++++ Exercise inputs

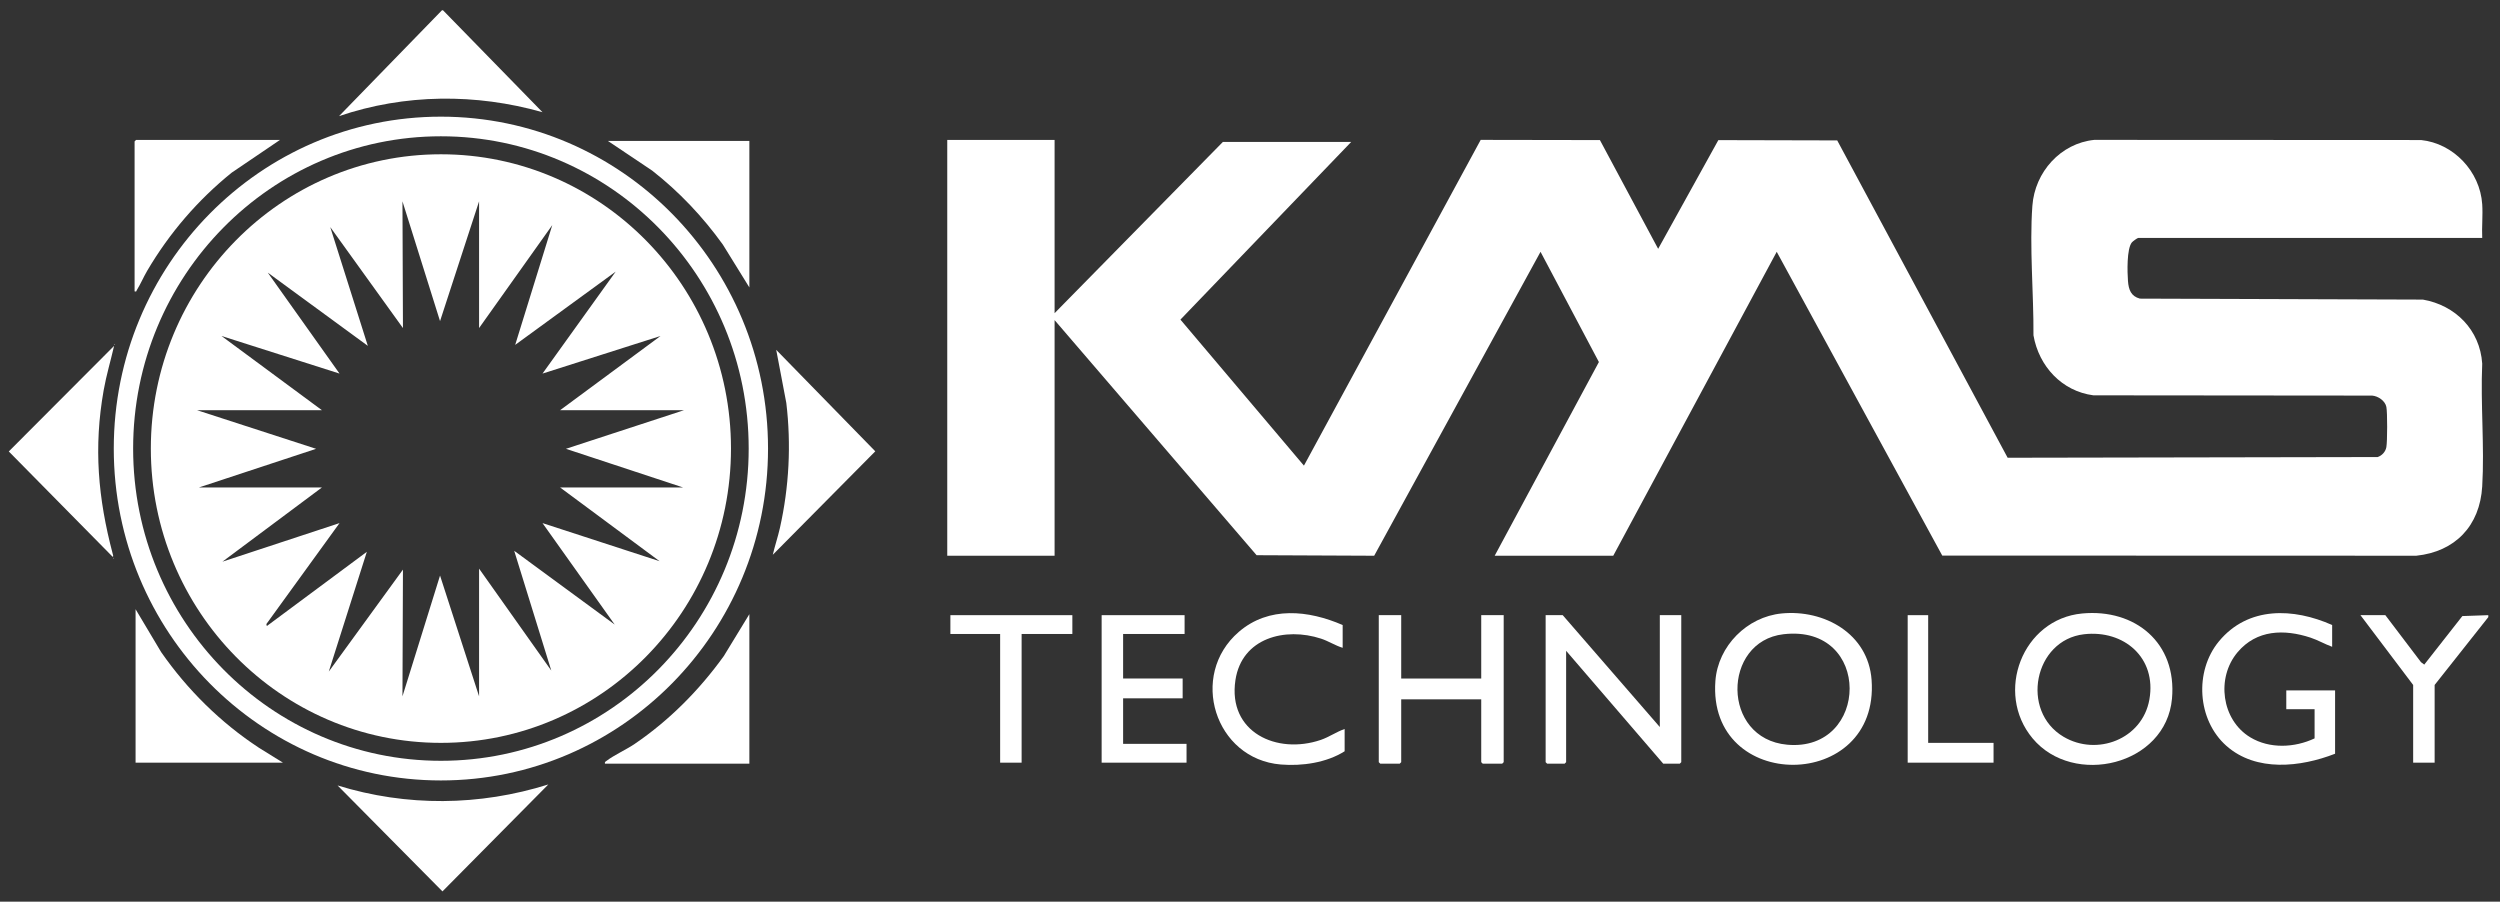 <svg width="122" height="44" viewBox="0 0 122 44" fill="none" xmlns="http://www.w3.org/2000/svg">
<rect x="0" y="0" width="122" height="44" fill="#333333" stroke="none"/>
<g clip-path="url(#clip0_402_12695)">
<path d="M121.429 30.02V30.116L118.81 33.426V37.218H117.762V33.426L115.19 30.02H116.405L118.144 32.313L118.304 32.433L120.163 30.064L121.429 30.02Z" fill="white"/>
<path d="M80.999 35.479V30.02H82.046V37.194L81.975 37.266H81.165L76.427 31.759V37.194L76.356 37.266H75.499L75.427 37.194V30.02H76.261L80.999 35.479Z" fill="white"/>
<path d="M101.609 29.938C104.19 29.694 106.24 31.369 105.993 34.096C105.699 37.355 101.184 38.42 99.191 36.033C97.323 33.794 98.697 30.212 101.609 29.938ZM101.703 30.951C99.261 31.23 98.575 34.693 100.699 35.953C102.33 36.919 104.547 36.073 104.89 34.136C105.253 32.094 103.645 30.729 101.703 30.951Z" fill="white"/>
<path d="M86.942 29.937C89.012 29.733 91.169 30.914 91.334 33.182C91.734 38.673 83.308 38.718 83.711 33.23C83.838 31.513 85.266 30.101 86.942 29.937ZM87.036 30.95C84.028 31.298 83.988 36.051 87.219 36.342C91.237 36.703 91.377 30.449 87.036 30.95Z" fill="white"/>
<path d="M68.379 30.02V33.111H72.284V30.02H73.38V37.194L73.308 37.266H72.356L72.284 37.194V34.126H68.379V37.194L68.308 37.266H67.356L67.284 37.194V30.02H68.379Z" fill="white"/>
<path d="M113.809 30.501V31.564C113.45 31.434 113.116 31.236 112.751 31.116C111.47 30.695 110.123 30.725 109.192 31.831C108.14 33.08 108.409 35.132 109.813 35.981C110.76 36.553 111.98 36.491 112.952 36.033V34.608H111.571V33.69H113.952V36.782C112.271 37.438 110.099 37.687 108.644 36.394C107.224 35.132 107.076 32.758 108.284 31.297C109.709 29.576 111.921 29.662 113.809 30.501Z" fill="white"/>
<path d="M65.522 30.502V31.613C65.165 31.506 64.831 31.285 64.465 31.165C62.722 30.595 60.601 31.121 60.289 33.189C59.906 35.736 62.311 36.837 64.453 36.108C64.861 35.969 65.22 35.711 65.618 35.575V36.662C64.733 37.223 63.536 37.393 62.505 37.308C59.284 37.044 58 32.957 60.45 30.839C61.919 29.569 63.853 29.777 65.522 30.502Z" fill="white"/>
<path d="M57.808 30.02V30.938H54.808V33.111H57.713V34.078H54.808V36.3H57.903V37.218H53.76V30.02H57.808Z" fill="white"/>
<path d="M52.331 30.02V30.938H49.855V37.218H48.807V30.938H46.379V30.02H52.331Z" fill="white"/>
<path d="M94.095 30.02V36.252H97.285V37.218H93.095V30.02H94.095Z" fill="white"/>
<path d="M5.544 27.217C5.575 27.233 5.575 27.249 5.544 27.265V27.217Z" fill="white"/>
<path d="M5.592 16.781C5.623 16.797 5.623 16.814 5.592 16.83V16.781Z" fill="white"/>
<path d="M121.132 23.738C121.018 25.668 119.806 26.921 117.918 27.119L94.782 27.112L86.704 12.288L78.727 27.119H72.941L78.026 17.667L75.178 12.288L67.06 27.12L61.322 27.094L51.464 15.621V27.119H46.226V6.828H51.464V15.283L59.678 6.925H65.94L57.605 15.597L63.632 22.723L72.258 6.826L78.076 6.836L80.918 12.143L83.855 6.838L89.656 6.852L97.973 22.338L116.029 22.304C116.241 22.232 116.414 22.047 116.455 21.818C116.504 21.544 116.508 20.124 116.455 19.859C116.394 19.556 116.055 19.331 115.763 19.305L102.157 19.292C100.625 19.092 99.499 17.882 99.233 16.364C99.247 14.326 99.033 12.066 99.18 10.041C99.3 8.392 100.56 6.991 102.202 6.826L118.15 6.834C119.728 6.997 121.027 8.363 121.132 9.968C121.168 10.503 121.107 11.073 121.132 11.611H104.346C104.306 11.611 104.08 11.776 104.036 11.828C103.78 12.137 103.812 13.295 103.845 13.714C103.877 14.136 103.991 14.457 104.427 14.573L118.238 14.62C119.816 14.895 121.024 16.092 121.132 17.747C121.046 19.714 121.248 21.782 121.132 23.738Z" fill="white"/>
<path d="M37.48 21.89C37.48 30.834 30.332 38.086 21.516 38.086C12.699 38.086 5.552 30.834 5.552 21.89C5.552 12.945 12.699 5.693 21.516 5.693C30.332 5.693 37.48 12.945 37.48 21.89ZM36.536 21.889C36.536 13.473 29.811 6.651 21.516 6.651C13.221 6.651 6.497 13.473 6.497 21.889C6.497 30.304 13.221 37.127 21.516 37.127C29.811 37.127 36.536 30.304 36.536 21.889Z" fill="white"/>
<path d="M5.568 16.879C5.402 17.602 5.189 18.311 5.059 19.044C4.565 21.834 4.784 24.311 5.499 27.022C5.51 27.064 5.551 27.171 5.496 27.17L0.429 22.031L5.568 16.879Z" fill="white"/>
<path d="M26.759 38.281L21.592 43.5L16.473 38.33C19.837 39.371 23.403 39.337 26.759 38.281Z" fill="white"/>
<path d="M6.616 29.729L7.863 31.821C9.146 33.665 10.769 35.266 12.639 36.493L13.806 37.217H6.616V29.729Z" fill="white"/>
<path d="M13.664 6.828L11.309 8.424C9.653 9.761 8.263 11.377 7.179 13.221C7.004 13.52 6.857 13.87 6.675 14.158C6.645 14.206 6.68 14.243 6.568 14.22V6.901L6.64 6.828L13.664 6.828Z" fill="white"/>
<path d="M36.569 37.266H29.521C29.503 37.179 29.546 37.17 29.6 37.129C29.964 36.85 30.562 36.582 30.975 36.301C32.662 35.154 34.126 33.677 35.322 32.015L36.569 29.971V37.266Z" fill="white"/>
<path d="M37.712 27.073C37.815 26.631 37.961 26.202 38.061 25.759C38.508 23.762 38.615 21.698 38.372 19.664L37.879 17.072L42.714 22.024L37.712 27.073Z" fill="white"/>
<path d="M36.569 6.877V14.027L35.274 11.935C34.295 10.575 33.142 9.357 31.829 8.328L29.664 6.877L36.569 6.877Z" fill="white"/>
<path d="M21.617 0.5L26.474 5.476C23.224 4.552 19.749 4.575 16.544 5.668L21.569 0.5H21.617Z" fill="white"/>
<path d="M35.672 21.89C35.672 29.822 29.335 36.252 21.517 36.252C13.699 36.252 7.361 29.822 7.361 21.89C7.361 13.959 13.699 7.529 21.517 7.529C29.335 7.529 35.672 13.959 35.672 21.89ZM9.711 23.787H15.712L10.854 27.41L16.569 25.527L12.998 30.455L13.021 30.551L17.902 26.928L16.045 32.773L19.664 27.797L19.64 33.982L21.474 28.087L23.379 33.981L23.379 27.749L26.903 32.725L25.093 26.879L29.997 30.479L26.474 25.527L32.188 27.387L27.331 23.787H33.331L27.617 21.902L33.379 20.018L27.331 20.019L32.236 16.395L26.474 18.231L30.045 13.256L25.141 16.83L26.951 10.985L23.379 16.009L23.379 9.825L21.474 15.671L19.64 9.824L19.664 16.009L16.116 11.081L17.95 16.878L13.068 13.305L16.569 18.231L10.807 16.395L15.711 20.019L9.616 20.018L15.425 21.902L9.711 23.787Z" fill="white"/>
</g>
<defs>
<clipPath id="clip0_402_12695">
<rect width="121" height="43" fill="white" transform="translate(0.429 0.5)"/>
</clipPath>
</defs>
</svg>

++++++++

What you are asked to do:
From the listing above, output exactly the run of lines that starts with the line containing "37.266H29.521C29.503 37.179 29.546" and ends with the line containing "6.877V14.027L35.274 11.935C34.295 10.575".

Expected answer:
<path d="M36.569 37.266H29.521C29.503 37.179 29.546 37.17 29.6 37.129C29.964 36.85 30.562 36.582 30.975 36.301C32.662 35.154 34.126 33.677 35.322 32.015L36.569 29.971V37.266Z" fill="white"/>
<path d="M37.712 27.073C37.815 26.631 37.961 26.202 38.061 25.759C38.508 23.762 38.615 21.698 38.372 19.664L37.879 17.072L42.714 22.024L37.712 27.073Z" fill="white"/>
<path d="M36.569 6.877V14.027L35.274 11.935C34.295 10.575 33.142 9.357 31.829 8.328L29.664 6.877L36.569 6.877Z" fill="white"/>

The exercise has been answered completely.